When monitoring VPC Flow logs, the desired traffic flows may be expressed upon creation. For example, collecting and analyzing only traffic REJECTed from the VPC could help identify attacks such as external reconnaissance or other nefarious methods of accessing sensitive assets.
aws ec2 create-flow-logs \\
--resource-type NetworkInterface \\
--resource-ids eni-11223344556677889 \\
--traffic-type REJECT \\
--log-group-name my-flow-logs \\
--deliver-logs-permission-arn arn:aws:iam::123456789101:role/publishFlowLogs
Dropping In Transit
Collecting logs from virtual machines or other systems often requires centralization, routing, and transformation pipelines before they reach the SIEM or data lake. This is often done with a logging agent such as Vector, Fluentd, LogStash, or a native SIEM agent. As machines consume logs, data is routed from sources like files on disk or incoming syslog data via TCP. These utilities provide pipeline capabilities and, in most cases, come with filtering options:
<filter cron.critical>
@type grep
regexp1 message cool
</filter>
This Fluentd filter would only allow logs with the string ‘cool’ to pass through to the next step of the pipeline. This approach can also be replicated in the SIEM. This snippet comes from https://docs.fluentd.org/filter.
Filtering In The SIEM
Most SIEMs contain capabilities for filtering events with inclusion or exclusion logic. These can be constructed by first querying the dataset to find high-volume event types that often appear.
In this AWS S3 Server Access Logs dataset, let’s assume we want to drop REST.GET.ACL data from the internal CloudTrail service. The filter could look like this:
These filters can be repeated across multiple log sources, thus reducing the processing load on queries and rules.
These examples follow Panther’s filtering capabilities.
Benefits of Filtering
Correctness
Logging is unpredictable, and data may not always be able to maintain a well-formed structure. For example, a message field may occasionally be longer than the per-log limit a system can handle, resulting in broken parsing.
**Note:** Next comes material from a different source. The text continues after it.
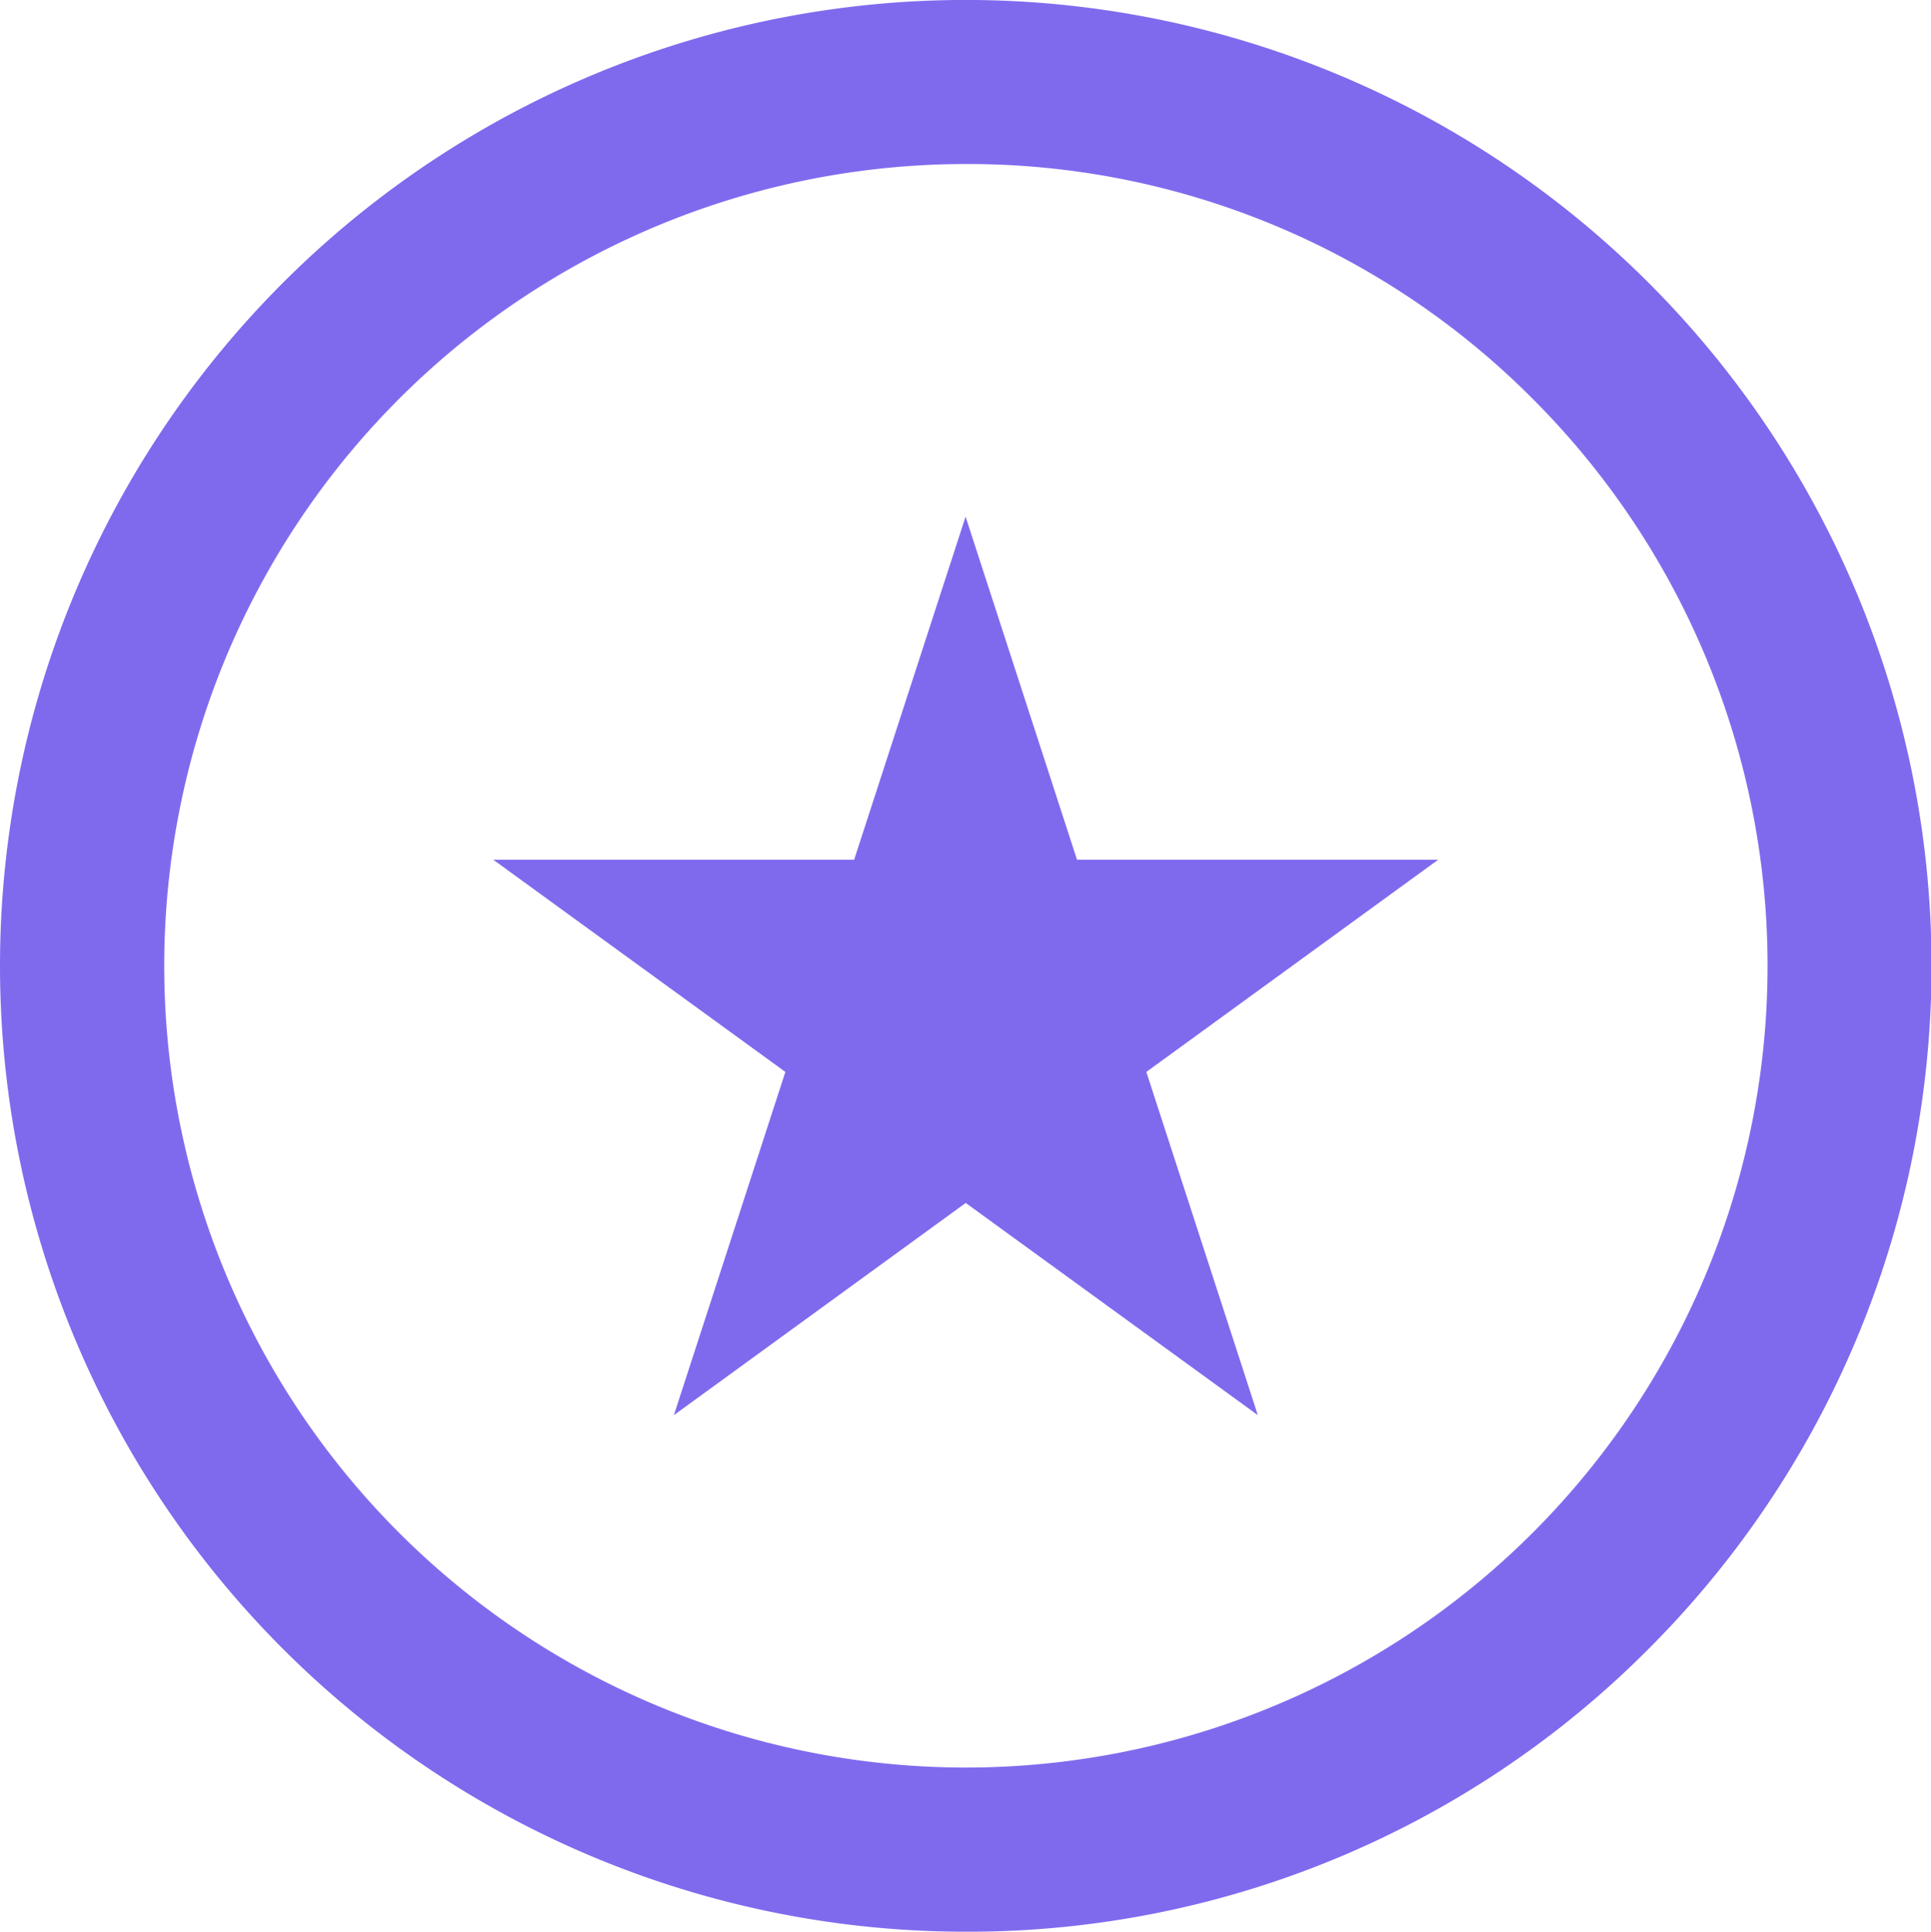 <svg xmlns="http://www.w3.org/2000/svg" width="43.632" height="43.643" viewBox="0 0 43.632 43.643"><g transform="translate(-1569.895 -691.416)"><path d="M1586.583,697.714l-2.519,7.754h-8.154l6.6,4.794-2.519,7.754,6.594-4.794,6.6,4.794-2.519-7.754,6.594-4.794H1589.1l-2.519-7.754Z" transform="translate(5.131 5.372)" fill="#7f6aee"/><g transform="translate(1569.895 691.416)"><path d="M1591.711,735.059a21.822,21.822,0,1,1,15.436-6.391,21.681,21.681,0,0,1-15.436,6.391Zm0-39.937a18.114,18.114,0,1,0,12.812,5.3,18,18,0,0,0-12.812-5.3Z" transform="translate(-1569.895 -691.416)" fill="#7f6aee"/></g></g></svg>

Filters can check for a common structure before routing or accepting data.
Reduced Storage Costs
Less data means fewer downstream storage costs. The average cost per GB of blob storage across the major cloud providers is around $0.020 per GB, and every new log source adds up.
Data Quality
Dropping security-irrelevant logs can meaningfully improve the overall dataset quality, and we can write simpler queries to find interesting behaviors.
Optimized Performance
With a smaller dataset, queries and rules run much faster, which optimizes our ability to react quicker to incidents and other alerts.
Sustaining Quality
“The objective of cleaning is not just to clean, but to feel happiness living within that environment” - Marie Kondo
In conclusion, security teams can save time and resources by thoughtfully choosing which logs to collect and analyze. They can also improve the quality and relevance of the data they work with, making their efforts more efficient and effective. Remember, every log sent to the SIEM should serve a purpose - whether to meet compliance requirements, aid in threat detection, or provide crucial insights into system performance. By adopting a systematic and intentional approach to log filtering, we can clean our data environment and find happiness and value in living within it.